Chinese name
- Chinese: 君子好逑

Standard Mandarin
- Hanyu Pinyin: Jūnzǐ hǎo qiú

Yue: Cantonese
- Jyutping: gwan1 zi2 hou3 kau4
- Directed by: Ringo Lam
- Written by: Cheung Lai-Ling Barry Wong
- Produced by: Barry Wong
- Starring: Alan Tam Brigitte Lin
- Cinematography: Hong-Hung Chan Cheung Chi-Keuung Raymond Lam Yu Tsin
- Edited by: Choi Hung
- Music by: Chan Fei-Lit
- Production company: Always Good Film Company
- Distributed by: Golden Princess Amusement Company
- Release date: 28 June 1984;
- Running time: 93 minutes
- Country: Hong Kong
- Language: Cantonese
- Box office: HK$11,787,487

= The Other Side of Gentleman =

1984 Hong Kong film by Ringo Lam

The Other Side of Gentleman (君子好逑) or The Other Side of a Gentleman is a 1984 Hong Kong romantic comedy film directed by Ringo Lam, and starring Alan Tam and Brigitte Lin.

==Plot==
A community committee, with funding from their wealthy patron Uncle Chiu, seeks to cure the lack of motivation that they view to be the ill of modern youth. They select playboy biker Alan Ng as the subject of an experiment to see if the love of an upstanding woman can motivate a man to be a more respectable member of society. Stuck without any other viable options deemed to be upstanding enough, they choose committee member Jo Jo to be the woman in the experiment.

Jo Jo is already engaged to a professor and dreads the assignment, but finds herself increasingly attracted to Alan as he reforms himself for her. When she wants to back out of the experiment, her fiancé tells Alan that the relationship was just an experiment, which leaves Alan heartbroken. Nevertheless, he crashes Jo Jo's wedding and tells her he can't live without her. After the wedding he attempts to crash his motorcycle into the couple's car but causes a massive accident that sends Jo Jo to the hospital. The committee tries to convince Alan that Jo Jo is dead, but Jo Jo runs out of the hospital as Alan is leaving and jumps on his motorcycle to ride away with him.

==Cast==

- Alan Tam as Alan Ng
- Brigitte Lin as Jo Jo
- Chan Chi-Fai
- Chuen Chan
- Kitty Chan as Girl in Disco
- Chan Yau-Hau
- Chang Kuo-chu as Professor Cheung
- Cheng Siu Ping
- Rico Chu
- Fung Ging-man as Alan's Father
- Ho Wing-Hin
- Lam Ying-Fat
- Yan Lee
- Leung Bo-Jing
- Leung Chi-Ming as Waiter
- Jamie Luk as Tough Guy in Parking Garage
- Pak Wan-Kam
- Tsang Chor-Lam as Mahjong Player
- Tsui Kwok-Keung
- Tung Wei as Oxy
- Wait Gei Shun
- Barry Wong as Father Tam
- Wong Kam-Bo
- Wong Kwan-Yee
- Stephan Yip

==Reception==
Reviewer Andrew Saroch of fareastfilms.com gave the film 2 out of 5 stars, writing, "With all characters underwritten it seems churlish to criticise performances, but eighties Asian singing sensation Tam is a charisma vacuum and not even the legendary Lin can convince in her thankless damp squib of a role. Hard to imagine Quentin Tarantino borrowing from this one."

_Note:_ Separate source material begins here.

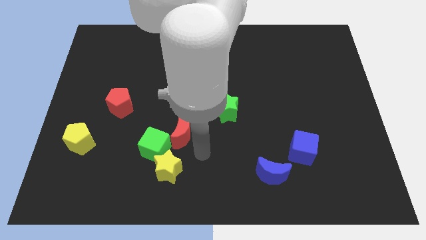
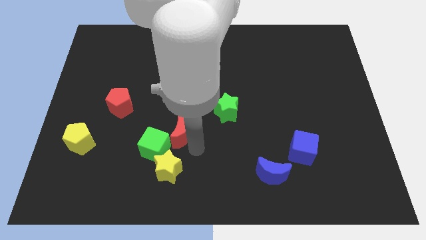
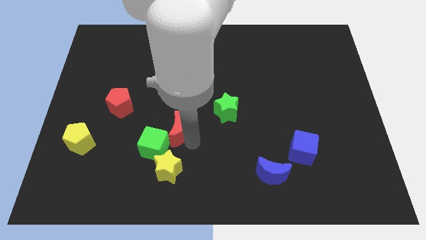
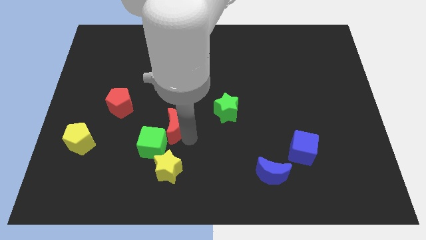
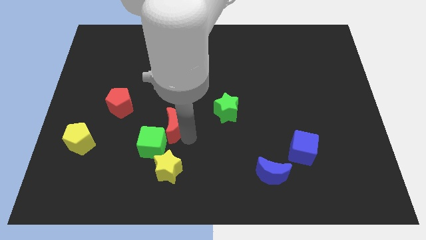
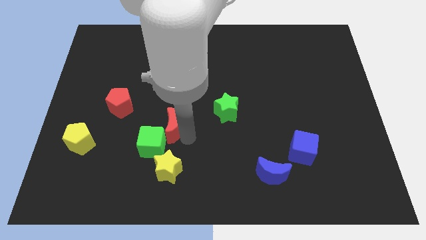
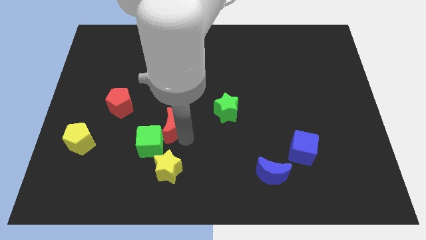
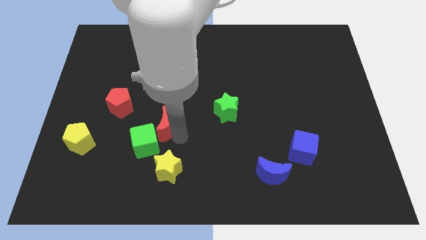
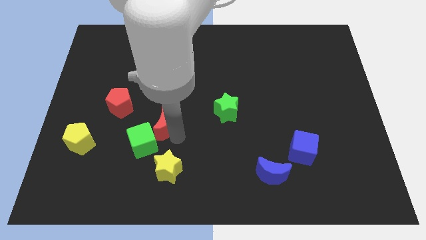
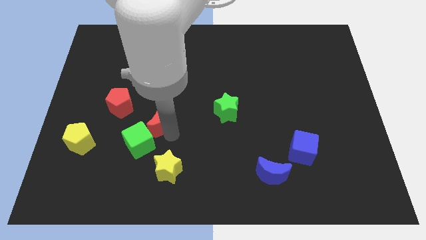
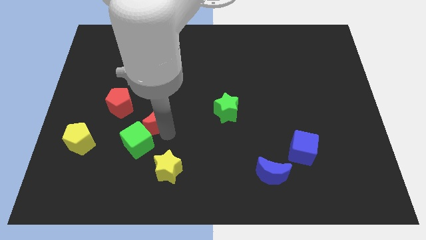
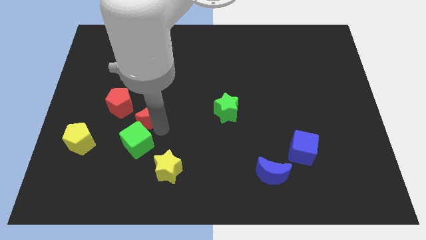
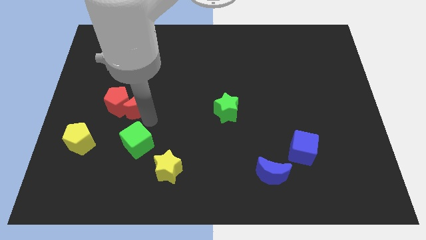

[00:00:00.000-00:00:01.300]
place the red crescent at the bottom right of the red pentagon

The website brns.com gave the film a rating of 5.0/10, writing, "The film begins as a light fluffy comedy that portends an enjoyable little farce, but as it progresses it slowly becomes more serious and leaves its charms behind at the roadside. As is often Lam's inclination, he delves into the subject of obsession, but while he later had actors such as Lau Ching-wan and Chow Yun Fat to explore this with, here he is stuck with Alan Tam. An Alan Tam obsessed reminded me of a petulant Mouskateer looking for his misplaced ears. I kept hoping Annette Funicello would show up and tell him to get a grip and put him over her knee. Whenever Brigitte is in a scene with him she towers over him charismatically like the Colossus of Rhodes over a mouse. Alan Tam is simply not Brigitte worthy."

The website onderhond.com gave the film 2 out of 5 stars, writing, "An old Ringo Lam comedy. Clearly a training film for Lam. You won't recognize much of his typical style, there are no real crime elements and the grittiness is almost completely absent. It's a typical 80s Hong Kong comedy, not great but passable and somewhat entertaining. Hard to recommend, unless you're a completist."

The website AllMovie gives the film a rating of 2.5 out of 5 stars.

=="Root of Love"==

"Root of Love" single

The film's theme song "愛的根源" ("Root of Love"), sung by Alan Tam, was nominated for a Hong Kong Film Award for Best Original Film Song at the 4th Hong Kong Film Awards and became commercially successful.